Robert van den Oever: Hallo und herzlich willkommen bei Morningstar. Heute sprechen wir mit dem Aktienanalysten Niklas Kammer, der ab sofort die Aktien von Euronext verfolgt, der Börsengruppe, die wir unter anderem von den Börsen in Amsterdam, Brüssel, Paris und Lissabon kennen.
Niklas, kannst Du uns etwas mehr über diese Aktie, ihren Fair Value und das Moat-Rating erzählen?
Niklas Kammer: Wir haben angefangen, Euronext-Aktien zu bewerten. Euronext ist, wie Du gerade sagtest, ein auf Europa fokussiertes Börsenunternehmen. Unsere Schätzung für den fairen Wert liegt bei 88 Euro pro Aktie und die Aktie hat ein Narrow Moat Rating.
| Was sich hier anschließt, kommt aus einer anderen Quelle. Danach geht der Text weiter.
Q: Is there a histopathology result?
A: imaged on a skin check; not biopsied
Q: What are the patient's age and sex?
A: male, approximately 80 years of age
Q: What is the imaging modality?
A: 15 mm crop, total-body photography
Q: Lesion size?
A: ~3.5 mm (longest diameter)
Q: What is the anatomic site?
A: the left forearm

Unser Moat-Rating ergibt sich vor allem aus der starken Position des Unternehmens im Handel mit Aktien auf dem Kassamarkt. Aber sie hat auch eine sehr gute Position bei Indizes und Indexderivaten, die auf ihrer Positionierung im Aktienkassahandel beruht.
Van den Oever: Sie ist also ein wichtiger Akteur in Europa. Der Netzwerkeffekt ist wichtig. In letzter Zeit hat es einige Übernahmen gegeben. Kannst du uns etwas mehr darüber erzählen?
Kammer: Um einen Schritt zurückzutreten und die Sache von einer höheren Ebene aus zu betrachten, denke ich, dass sich alle börsennotierten Unternehmen weltweit und insbesondere die europäischen Unternehmen auf die Diversifizierung ihrer Erträge konzentriert haben. Sie versuchen also, sich von den volatileren Handelseinnahmen oder Einnahmequellen zu lösen und sich mehr auf gebühren- und abonnementbasierte Einnahmequellen zu konzentrieren. Und dabei muss man vor allem an Daten denken. Es geht hier also wirklich um Daten.
Ein weiterer Punkt, auf den sich die Börsen konzentriert haben, ist die weitere Diversifizierung der Lieferkette des gesamten Börsengeschäfts und der Infrastruktur des Finanzmarktes. Euronext hat in diesem Bereich einen großen Schritt getan, indem es die Borsa Italiana von der London Stock Exchange Group übernommen hat, wodurch es eine viel bessere Position im Handel mit festverzinslichen Wertpapieren erlangt hat, aber auch, was sehr wichtig ist, eine eigene Clearingstelle, die eine sehr starke Wettbewerbsposition hat. Das ist ein großer Fortschritt im Wettbewerb mit den größeren europäischen Gruppen.
Van den Oever: Also ein wichtiger Akteur für Europa, aber nicht der einzige. Wir haben noch ein paar andere. Die London Stock Exchange zum Beispiel. Auch die Deutsche Börse. Wenn Sie Euronext mit diesen beiden Konkurrenten vergleichen, wie ist die Position?
Kammer: Zunächst einmal denke ich, dass Euronext aus wettbewerbsrechtlicher Sicht eindeutig der kleinste der drei ist und wirklich versucht, aufzuholen, und das ist in gewisser Weise sehr schwierig, weil wir Börsenwerte oder die Werte, die den Geschäften dieser Börsenunternehmen zugrunde liegen, als sehr "moaty" ansehen, also mit einem hohen Wettbewerbsvorteil. Sie sind teuer im Aufbau und schwer in diesem Wettbewerbsumfeld zu positionieren. Euronext hat also aufgeholt, was den Aufbau einer so starken Wettbewerbsposition angeht.
Aber die beiden größeren Gruppen, die du erwähnt hast, die London Stock Exchange Group und die Deutsche Börse, haben ein viel umfassenderes Angebot, vor allem im Indexgeschäft und auch im Datengeschäft. Und genau aus diesen Gründen ist unsere bevorzugte Aktie im Moment die London Stock Exchange, weil sie das beste Angebot vom Anfang der Wertschöpfungskette, dem Handel, bis hin zum Clearing am Ende dieser Wertschöpfungskette hat. Dann recyceln sie all diese Informationen, die sie in der Wertschöpfungskette sammeln, zu neuen Daten, die sie an ihre Kunden verkaufen.
Van den Oever: Niklas, vielen Dank für Ihre Einblicke in die Landschaft der Börsenunternehmen in Europa. Danke fürs Zuschauen. Für Morningstar bin ich Robert van den Oever.